# DATA LISTING
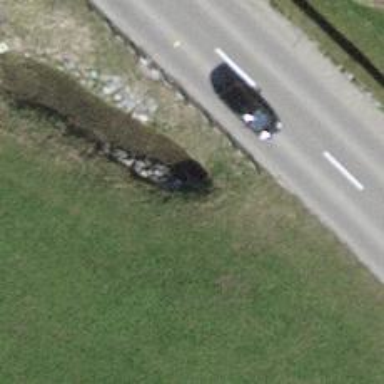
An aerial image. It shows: Culvert tunnel.
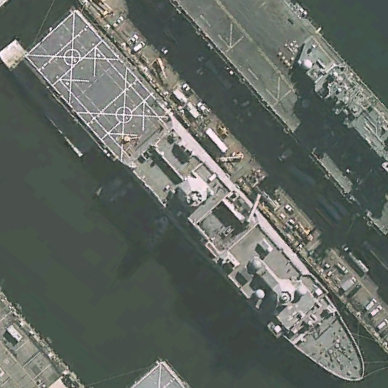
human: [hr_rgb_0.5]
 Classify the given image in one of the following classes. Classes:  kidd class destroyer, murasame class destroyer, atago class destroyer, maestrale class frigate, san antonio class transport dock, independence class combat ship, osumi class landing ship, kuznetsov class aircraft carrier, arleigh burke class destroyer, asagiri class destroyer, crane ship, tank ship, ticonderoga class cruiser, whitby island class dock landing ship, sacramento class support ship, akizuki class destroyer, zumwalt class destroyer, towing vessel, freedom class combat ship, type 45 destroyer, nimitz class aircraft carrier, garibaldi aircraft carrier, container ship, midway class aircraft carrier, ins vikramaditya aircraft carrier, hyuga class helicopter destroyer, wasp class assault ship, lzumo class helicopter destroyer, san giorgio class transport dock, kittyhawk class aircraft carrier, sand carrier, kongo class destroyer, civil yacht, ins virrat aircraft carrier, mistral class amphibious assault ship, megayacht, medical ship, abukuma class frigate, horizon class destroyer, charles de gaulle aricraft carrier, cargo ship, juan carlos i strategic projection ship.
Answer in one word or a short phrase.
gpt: San Antonio class transport dock
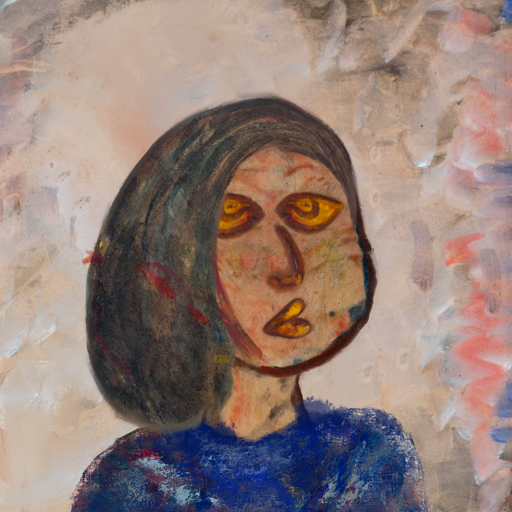
Background: Roy_Bahadur, Head And Neck Side: Orphan, Face Side: Comrade, Bust: Irani, Hair Side: Gypsy_Mother, Head Accessory: Blank, Second Necklace: Blank, Necklace: Blank, Baby: Blank
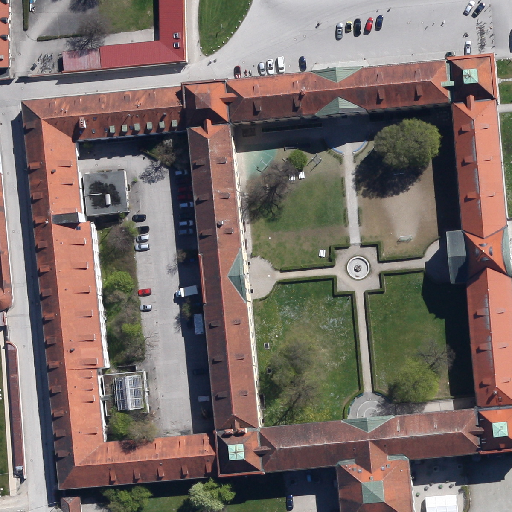
Referring expression: light-duty vehicle in the parking area
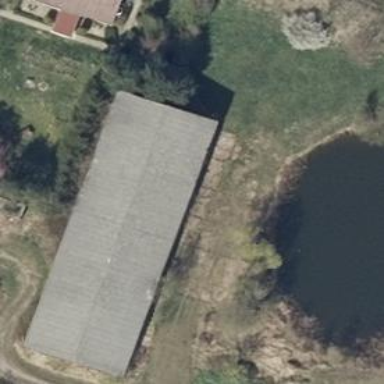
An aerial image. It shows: Farm auxiliary building.
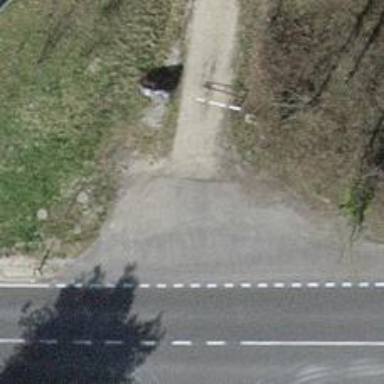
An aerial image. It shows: Cycle barrier.
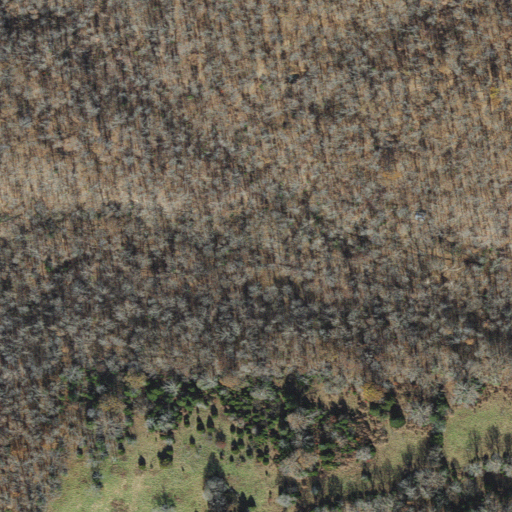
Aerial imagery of valley in Arkansas named Gebhardt Hollow containing deciduous forest, mixed forest, and pasture
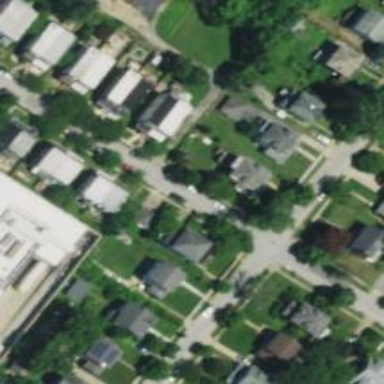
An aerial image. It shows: Alley with asphalt surface designated as service road.
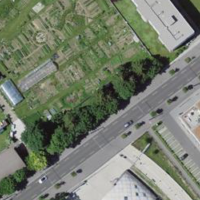
EUNIS habitat code: 53
Species observed at this site:
Chrysolina coerulans
Pyrochroa coccinea
Graphosoma italicum
Trichodes alvearius
Bombus lapidarius
Coccinella septempunctata
Leptinotarsa decemlineata
Sceliphron caementarium
Xylocopa violacea
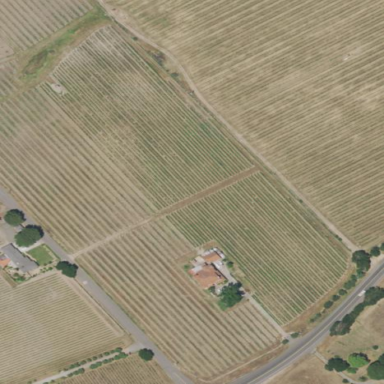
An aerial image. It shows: Vineyard with wine grapes as the main crop.
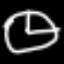
Label: clock
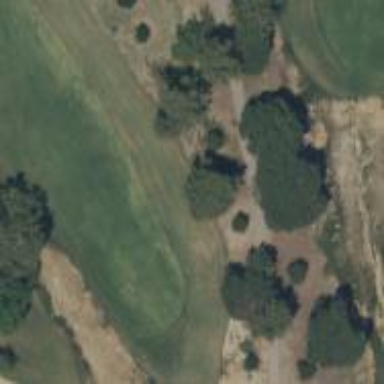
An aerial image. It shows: Rough area in golf course.
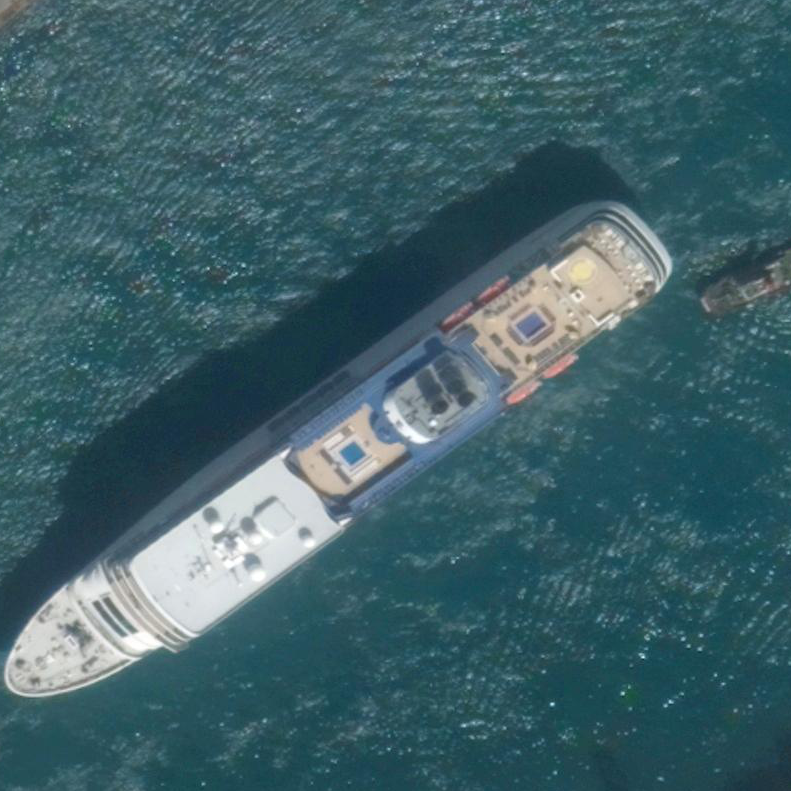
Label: Megayacht
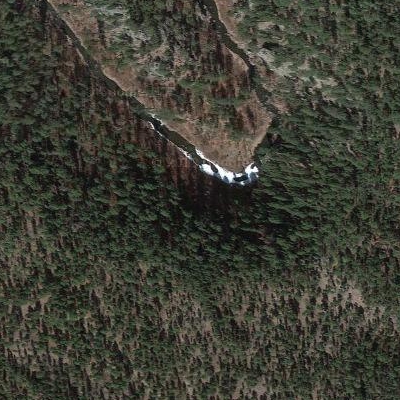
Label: Forest
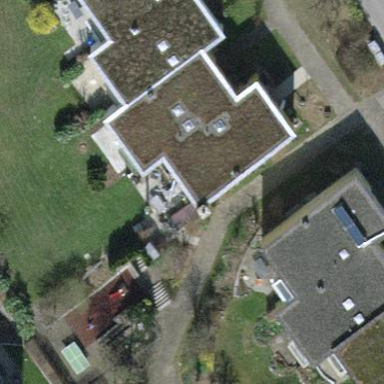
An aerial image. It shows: Terrace building.
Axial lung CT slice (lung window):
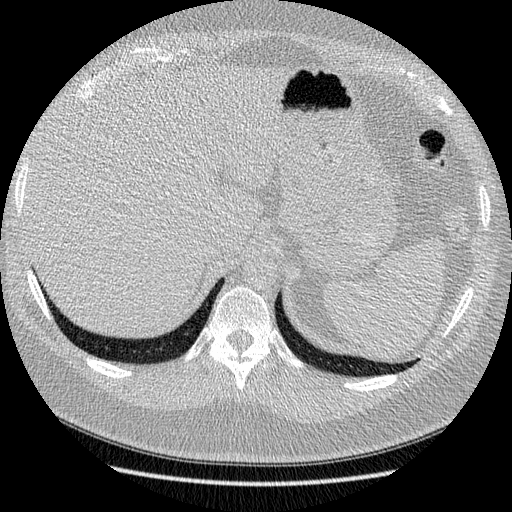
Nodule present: no
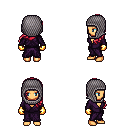
a pixel art fantasy rpg character, female body template, human, tanned skin, purple robe, teal pants, ruby red left-swept hairstyle, chain hood, gold gloves, four views (front, back, left, right), 2x2 character sprite sheet, small pixel art, hard edges, no anti-aliasing
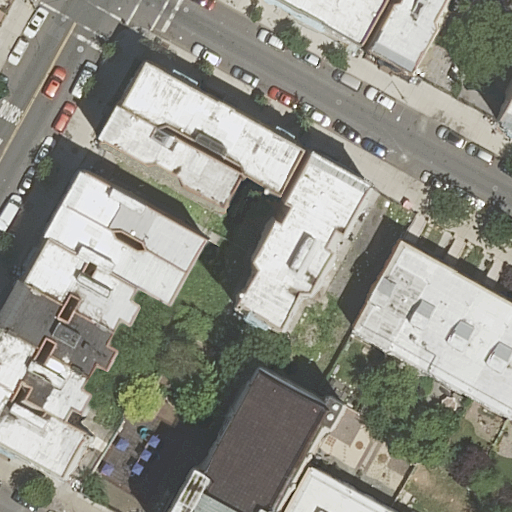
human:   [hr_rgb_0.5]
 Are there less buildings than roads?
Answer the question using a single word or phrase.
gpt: no

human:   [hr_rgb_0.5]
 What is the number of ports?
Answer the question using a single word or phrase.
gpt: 0

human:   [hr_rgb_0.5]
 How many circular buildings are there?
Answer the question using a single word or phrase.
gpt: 0

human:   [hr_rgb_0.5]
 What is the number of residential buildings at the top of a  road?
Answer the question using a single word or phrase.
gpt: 2

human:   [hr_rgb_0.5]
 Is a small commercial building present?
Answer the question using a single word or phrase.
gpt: no

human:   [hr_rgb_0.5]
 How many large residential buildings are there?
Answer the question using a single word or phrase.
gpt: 0

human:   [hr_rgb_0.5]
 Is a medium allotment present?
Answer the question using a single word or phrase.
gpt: no

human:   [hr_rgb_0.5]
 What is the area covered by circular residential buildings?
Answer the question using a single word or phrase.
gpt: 0m2

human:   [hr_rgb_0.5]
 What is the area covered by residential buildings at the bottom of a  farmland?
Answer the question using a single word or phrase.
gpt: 0m2

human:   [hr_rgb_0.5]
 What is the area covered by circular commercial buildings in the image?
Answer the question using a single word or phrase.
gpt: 0m2

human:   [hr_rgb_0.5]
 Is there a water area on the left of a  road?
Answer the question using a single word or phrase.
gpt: no

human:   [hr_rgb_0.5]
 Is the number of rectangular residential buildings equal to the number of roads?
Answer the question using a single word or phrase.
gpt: no

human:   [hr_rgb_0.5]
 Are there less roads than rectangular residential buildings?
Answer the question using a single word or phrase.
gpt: yes

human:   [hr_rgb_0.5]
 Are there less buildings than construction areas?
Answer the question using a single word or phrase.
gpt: no

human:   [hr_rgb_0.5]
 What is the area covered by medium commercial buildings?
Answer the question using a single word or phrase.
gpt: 0m2

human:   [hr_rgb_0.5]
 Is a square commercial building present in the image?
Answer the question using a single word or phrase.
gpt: no

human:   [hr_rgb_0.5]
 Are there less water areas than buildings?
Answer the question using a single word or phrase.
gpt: yes

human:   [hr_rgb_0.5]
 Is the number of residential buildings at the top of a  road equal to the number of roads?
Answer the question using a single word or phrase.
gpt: yes

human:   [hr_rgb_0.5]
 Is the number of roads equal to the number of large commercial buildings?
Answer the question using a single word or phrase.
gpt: no

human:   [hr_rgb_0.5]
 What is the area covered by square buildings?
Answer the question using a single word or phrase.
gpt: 0m2

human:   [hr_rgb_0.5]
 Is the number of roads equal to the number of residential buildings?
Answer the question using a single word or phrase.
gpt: no

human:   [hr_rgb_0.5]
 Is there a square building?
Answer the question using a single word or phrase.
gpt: no

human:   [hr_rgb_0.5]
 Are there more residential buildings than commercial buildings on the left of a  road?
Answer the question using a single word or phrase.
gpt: yes

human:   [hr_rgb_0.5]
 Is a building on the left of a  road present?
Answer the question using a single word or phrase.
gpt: yes

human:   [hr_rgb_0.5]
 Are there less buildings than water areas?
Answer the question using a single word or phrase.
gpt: no

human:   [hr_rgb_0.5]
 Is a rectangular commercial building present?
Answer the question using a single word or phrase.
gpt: no

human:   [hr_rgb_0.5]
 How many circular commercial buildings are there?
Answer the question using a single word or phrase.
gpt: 0

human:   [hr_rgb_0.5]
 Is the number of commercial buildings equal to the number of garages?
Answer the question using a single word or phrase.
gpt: yes

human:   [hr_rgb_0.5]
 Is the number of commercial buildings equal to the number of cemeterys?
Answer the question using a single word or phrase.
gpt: yes

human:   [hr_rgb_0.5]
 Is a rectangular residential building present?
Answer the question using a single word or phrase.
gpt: yes

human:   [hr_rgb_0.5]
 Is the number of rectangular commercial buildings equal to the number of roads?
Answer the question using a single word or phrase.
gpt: no

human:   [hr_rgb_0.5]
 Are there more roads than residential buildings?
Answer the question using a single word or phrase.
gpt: no

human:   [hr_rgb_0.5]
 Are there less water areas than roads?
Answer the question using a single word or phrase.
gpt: yes

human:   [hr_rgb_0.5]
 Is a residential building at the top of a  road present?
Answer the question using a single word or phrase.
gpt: yes

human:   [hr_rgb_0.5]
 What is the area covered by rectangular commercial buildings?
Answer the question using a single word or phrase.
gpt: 0m2

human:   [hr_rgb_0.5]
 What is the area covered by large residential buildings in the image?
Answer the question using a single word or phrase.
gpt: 0m2
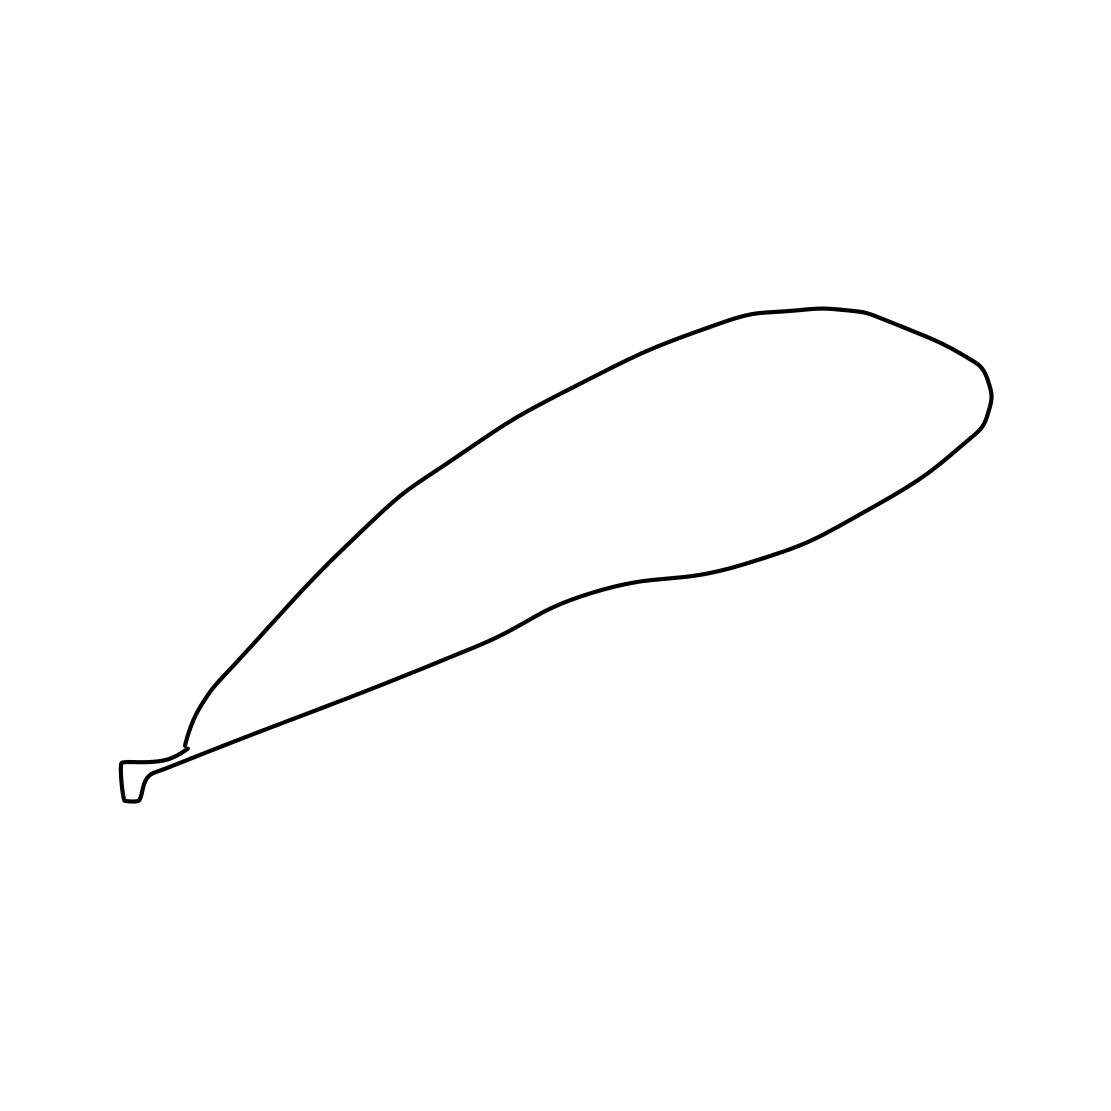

# EXERCISE DETAILS
Everything in the records except the pictures should be retyped exactly.

# RESULT
An aerial image. It shows: Culvert tunnel.
human: [hr_rgb_0.5]
 Classify the given image in one of the following classes. Classes:  kidd class destroyer, murasame class destroyer, atago class destroyer, maestrale class frigate, san antonio class transport dock, independence class combat ship, osumi class landing ship, kuznetsov class aircraft carrier, arleigh burke class destroyer, asagiri class destroyer, crane ship, tank ship, ticonderoga class cruiser, whitby island class dock landing ship, sacramento class support ship, akizuki class destroyer, zumwalt class destroyer, towing vessel, freedom class combat ship, type 45 destroyer, nimitz class aircraft carrier, garibaldi aircraft carrier, container ship, midway class aircraft carrier, ins vikramaditya aircraft carrier, hyuga class helicopter destroyer, wasp class assault ship, lzumo class helicopter destroyer, san giorgio class transport dock, kittyhawk class aircraft carrier, sand carrier, kongo class destroyer, civil yacht, ins virrat aircraft carrier, mistral class amphibious assault ship, megayacht, medical ship, abukuma class frigate, horizon class destroyer, charles de gaulle aricraft carrier, cargo ship, juan carlos i strategic projection ship.
Answer in one word or a short phrase.
gpt: San Antonio class transport dock
Background: Roy_Bahadur, Head And Neck Side: Orphan, Face Side: Comrade, Bust: Irani, Hair Side: Gypsy_Mother, Head Accessory: Blank, Second Necklace: Blank, Necklace: Blank, Baby: Blank
Referring expression: light-duty vehicle in the parking area
An aerial image. It shows: Farm auxiliary building.
An aerial image. It shows: Cycle barrier.
Aerial imagery of valley in Arkansas named Gebhardt Hollow containing deciduous forest, mixed forest, and pasture
An aerial image. It shows: Alley with asphalt surface designated as service road.
EUNIS habitat code: 53
Species observed at this site:
Chrysolina coerulans
Pyrochroa coccinea
Graphosoma italicum
Trichodes alvearius
Bombus lapidarius
Coccinella septempunctata
Leptinotarsa decemlineata
Sceliphron caementarium
Xylocopa violacea
An aerial image. It shows: Vineyard with wine grapes as the main crop.
Label: clock
An aerial image. It shows: Rough area in golf course.
Label: Megayacht
Label: Forest
An aerial image. It shows: Terrace building.
Axial lung CT slice (lung window):
Nodule present: no
a pixel art fantasy rpg character, female body template, human, tanned skin, purple robe, teal pants, ruby red left-swept hairstyle, chain hood, gold gloves, four views (front, back, left, right), 2x2 character sprite sheet, small pixel art, hard edges, no anti-aliasing
human:   [hr_rgb_0.5]
 Are there less buildings than roads?
Answer the question using a single word or phrase.
gpt: no

human:   [hr_rgb_0.5]
 What is the number of ports?
Answer the question using a single word or phrase.
gpt: 0

human:   [hr_rgb_0.5]
 How many circular buildings are there?
Answer the question using a single word or phrase.
gpt: 0

human:   [hr_rgb_0.5]
 What is the number of residential buildings at the top of a  road?
Answer the question using a single word or phrase.
gpt: 2

human:   [hr_rgb_0.5]
 Is a small commercial building present?
Answer the question using a single word or phrase.
gpt: no

human:   [hr_rgb_0.5]
 How many large residential buildings are there?
Answer the question using a single word or phrase.
gpt: 0

human:   [hr_rgb_0.5]
 Is a medium allotment present?
Answer the question using a single word or phrase.
gpt: no

human:   [hr_rgb_0.5]
 What is the area covered by circular residential buildings?
Answer the question using a single word or phrase.
gpt: 0m2

human:   [hr_rgb_0.5]
 What is the area covered by residential buildings at the bottom of a  farmland?
Answer the question using a single word or phrase.
gpt: 0m2

human:   [hr_rgb_0.5]
 What is the area covered by circular commercial buildings in the image?
Answer the question using a single word or phrase.
gpt: 0m2

human:   [hr_rgb_0.5]
 Is there a water area on the left of a  road?
Answer the question using a single word or phrase.
gpt: no

human:   [hr_rgb_0.5]
 Is the number of rectangular residential buildings equal to the number of roads?
Answer the question using a single word or phrase.
gpt: no

human:   [hr_rgb_0.5]
 Are there less roads than rectangular residential buildings?
Answer the question using a single word or phrase.
gpt: yes

human:   [hr_rgb_0.5]
 Are there less buildings than construction areas?
Answer the question using a single word or phrase.
gpt: no

human:   [hr_rgb_0.5]
 What is the area covered by medium commercial buildings?
Answer the question using a single word or phrase.
gpt: 0m2

human:   [hr_rgb_0.5]
 Is a square commercial building present in the image?
Answer the question using a single word or phrase.
gpt: no

human:   [hr_rgb_0.5]
 Are there less water areas than buildings?
Answer the question using a single word or phrase.
gpt: yes

human:   [hr_rgb_0.5]
 Is the number of residential buildings at the top of a  road equal to the number of roads?
Answer the question using a single word or phrase.
gpt: yes

human:   [hr_rgb_0.5]
 Is the number of roads equal to the number of large commercial buildings?
Answer the question using a single word or phrase.
gpt: no

human:   [hr_rgb_0.5]
 What is the area covered by square buildings?
Answer the question using a single word or phrase.
gpt: 0m2

human:   [hr_rgb_0.5]
 Is the number of roads equal to the number of residential buildings?
Answer the question using a single word or phrase.
gpt: no

human:   [hr_rgb_0.5]
 Is there a square building?
Answer the question using a single word or phrase.
gpt: no

human:   [hr_rgb_0.5]
 Are there more residential buildings than commercial buildings on the left of a  road?
Answer the question using a single word or phrase.
gpt: yes

human:   [hr_rgb_0.5]
 Is a building on the left of a  road present?
Answer the question using a single word or phrase.
gpt: yes

human:   [hr_rgb_0.5]
 Are there less buildings than water areas?
Answer the question using a single word or phrase.
gpt: no

human:   [hr_rgb_0.5]
 Is a rectangular commercial building present?
Answer the question using a single word or phrase.
gpt: no

human:   [hr_rgb_0.5]
 How many circular commercial buildings are there?
Answer the question using a single word or phrase.
gpt: 0

human:   [hr_rgb_0.5]
 Is the number of commercial buildings equal to the number of garages?
Answer the question using a single word or phrase.
gpt: yes

human:   [hr_rgb_0.5]
 Is the number of commercial buildings equal to the number of cemeterys?
Answer the question using a single word or phrase.
gpt: yes

human:   [hr_rgb_0.5]
 Is a rectangular residential building present?
Answer the question using a single word or phrase.
gpt: yes

human:   [hr_rgb_0.5]
 Is the number of rectangular commercial buildings equal to the number of roads?
Answer the question using a single word or phrase.
gpt: no

human:   [hr_rgb_0.5]
 Are there more roads than residential buildings?
Answer the question using a single word or phrase.
gpt: no

human:   [hr_rgb_0.5]
 Are there less water areas than roads?
Answer the question using a single word or phrase.
gpt: yes

human:   [hr_rgb_0.5]
 Is a residential building at the top of a  road present?
Answer the question using a single word or phrase.
gpt: yes

human:   [hr_rgb_0.5]
 What is the area covered by rectangular commercial buildings?
Answer the question using a single word or phrase.
gpt: 0m2

human:   [hr_rgb_0.5]
 What is the area covered by large residential buildings in the image?
Answer the question using a single word or phrase.
gpt: 0m2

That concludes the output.